Hi, I want to start reading up on Ludwig Wittgenstein and would like to catch up with his work. What is a good place to start? I was told that starting with Tractatus Logico-Philosophicus is a terrible idea.

any suggestions are appreciated.

>> No.11660023

Start with the Greeks

>> No.11660031

Analytic autism needs to stop existing. Stop enabling it.

>> No.11660034

>>11660031
>t. continental cuck who can't into logic

>> No.11660037

>>11660023
Thats a really long way back... or is it? frankly, i know very little about philosophy, other than that plato was a cunt.

>> No.11660041

>>11660031
Is this a shitpost or are you serious?
Regardless, i need to learn about him for study reasons, as well as for personal interest.

>> No.11660043

>starting with Tractatus Logico-Philosophicus is a terrible idea
Yep, it would be.
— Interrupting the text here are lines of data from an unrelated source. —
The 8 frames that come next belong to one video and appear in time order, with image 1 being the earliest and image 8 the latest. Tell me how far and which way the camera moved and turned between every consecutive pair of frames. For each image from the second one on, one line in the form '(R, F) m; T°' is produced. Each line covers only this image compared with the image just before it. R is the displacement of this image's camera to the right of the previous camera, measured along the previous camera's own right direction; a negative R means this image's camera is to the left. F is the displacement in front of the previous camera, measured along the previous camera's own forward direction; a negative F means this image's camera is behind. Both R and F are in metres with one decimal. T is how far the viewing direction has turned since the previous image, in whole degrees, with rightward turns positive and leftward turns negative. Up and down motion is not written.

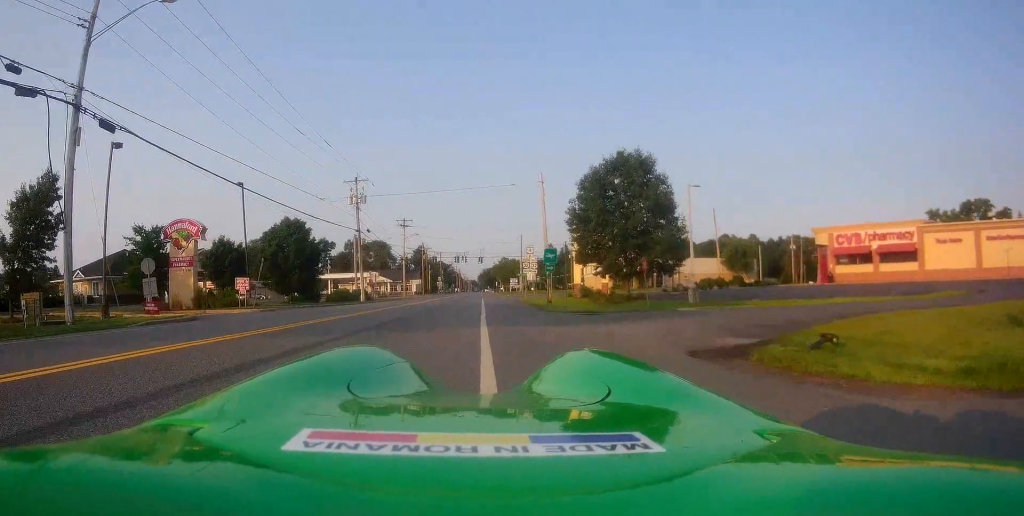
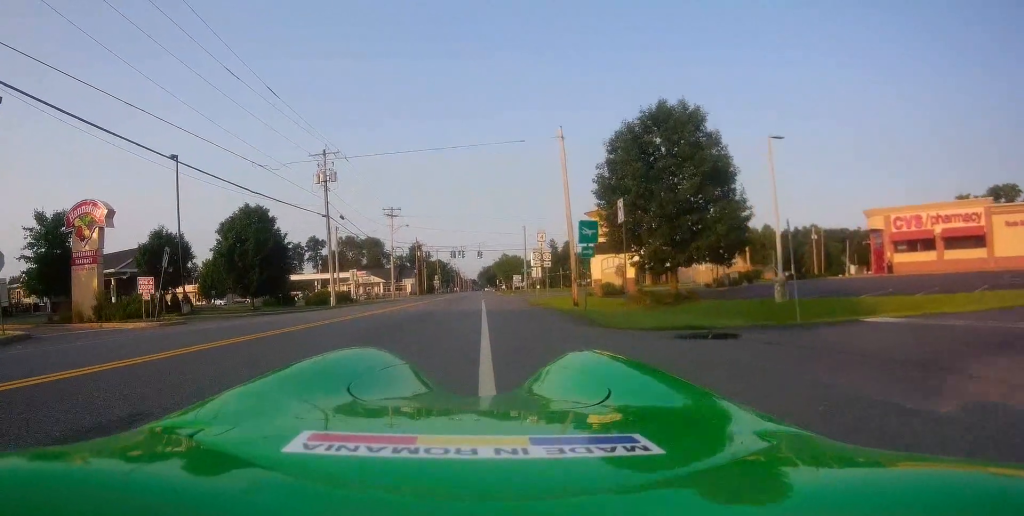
(+0.1, +11.1) m; +2°
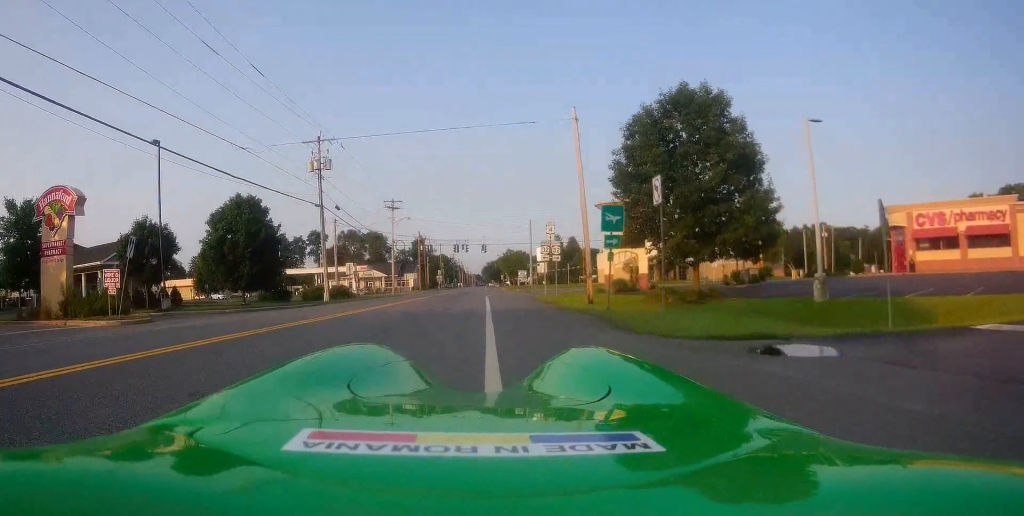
(0.0, +2.9) m; 0°
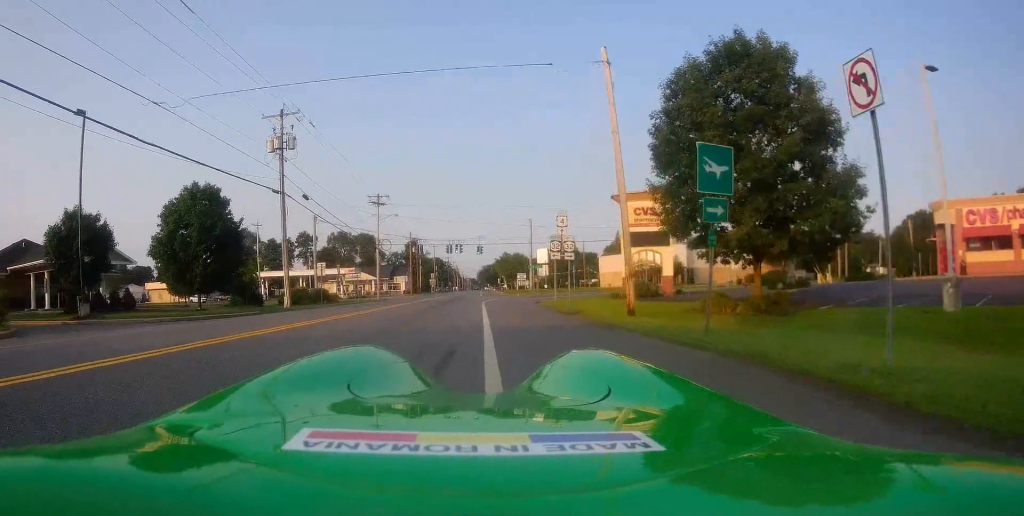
(-0.2, +7.8) m; -3°
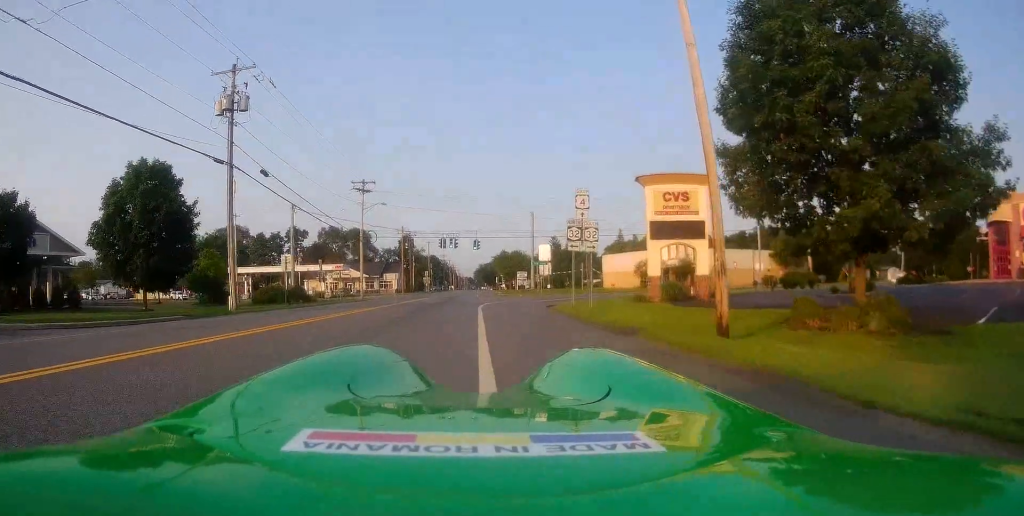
(-0.1, +7.3) m; +1°
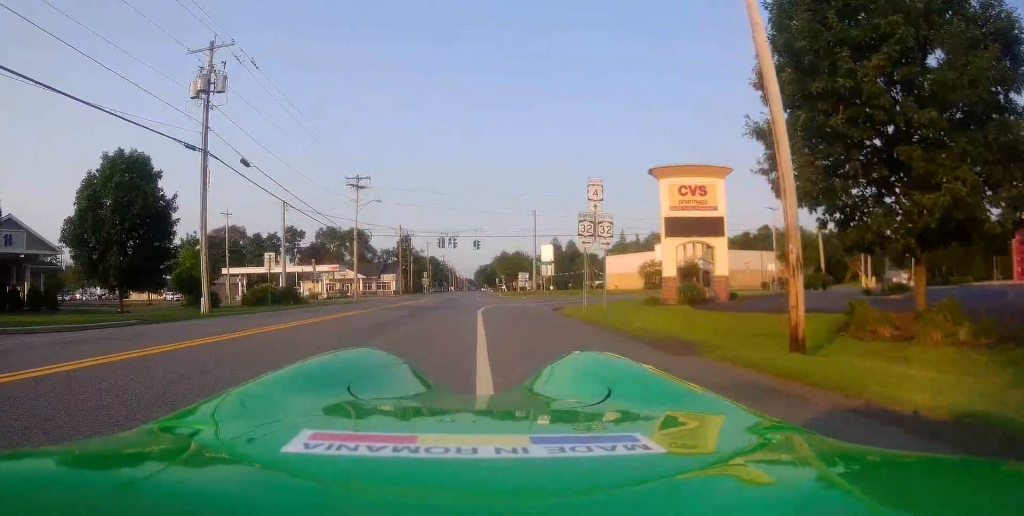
(+0.1, +3.0) m; +1°
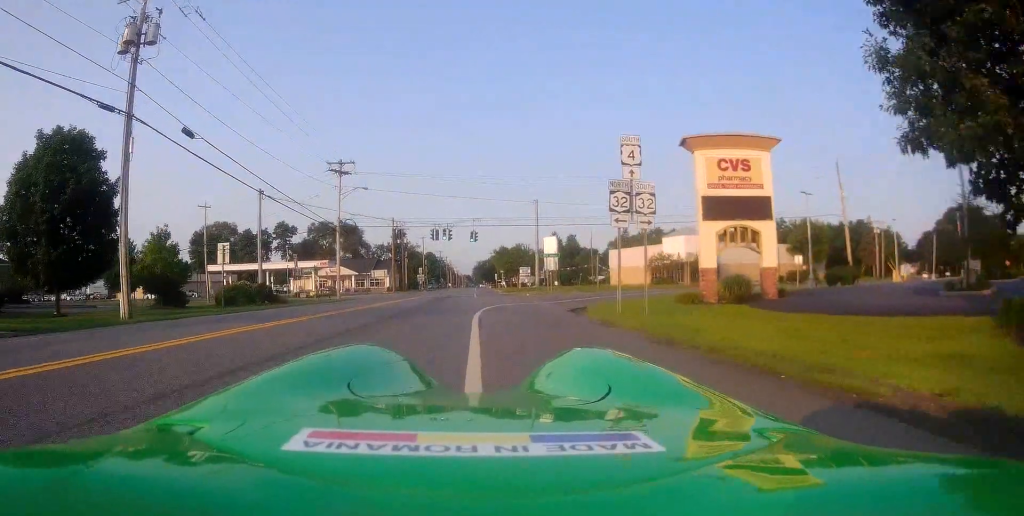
(0.0, +5.8) m; -4°
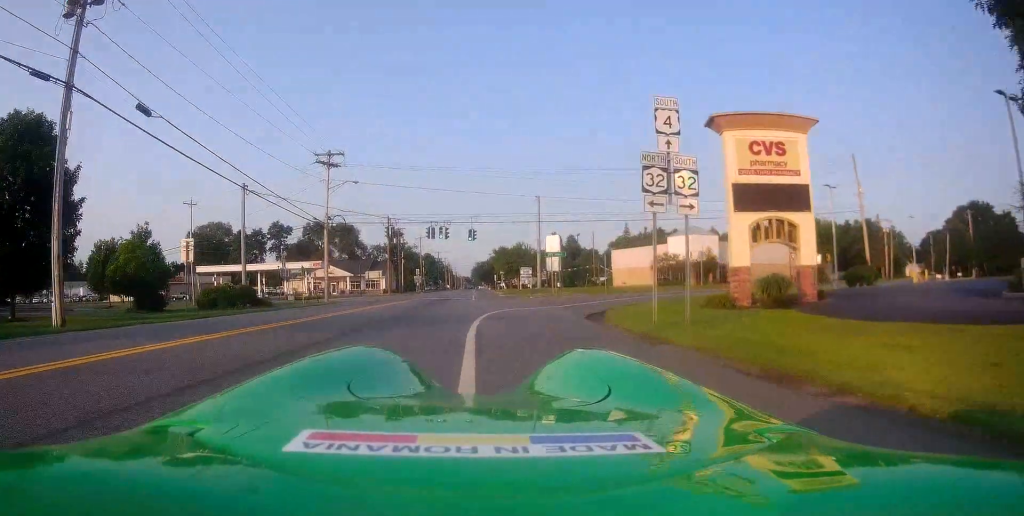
(-0.2, +3.6) m; -2°

That book is useless without a guide, and once you have a good guide the text itself is basically redundant. Start with Philosophical Investigations. I don't think a guide is strictly necessary for that, or even a good place to begin.

>> No.11660048

OP, i will ask differently. How about I start with philosophical investigations? Will i get rekt?

>> No.11660049

TLP isn't the greatest place to start. Philosophical Investigations would be good, or even the Ray Monk biography on Wittgenstein, terrific.

>> No.11660054

>>11660031
>Wittgenstein
>Analytic

t. complete retard that doesn't even have a philosophy 101-tier knowledge of the history of philosophy. Sure he exerted a profound influence on the analytic tradition, but he was also an anti-rationalistic mystic and at times extremely obscure.

>> No.11660058

>>11660043
>>11660049
Was literally just going to ask about this. Thank you, kind anons.

>> No.11660065

>>11660054
Language games usually put him in the analytic category so thats the right way to call him

>> No.11660066

Thank you everyone who helped. I will look into Philosophical Investigations.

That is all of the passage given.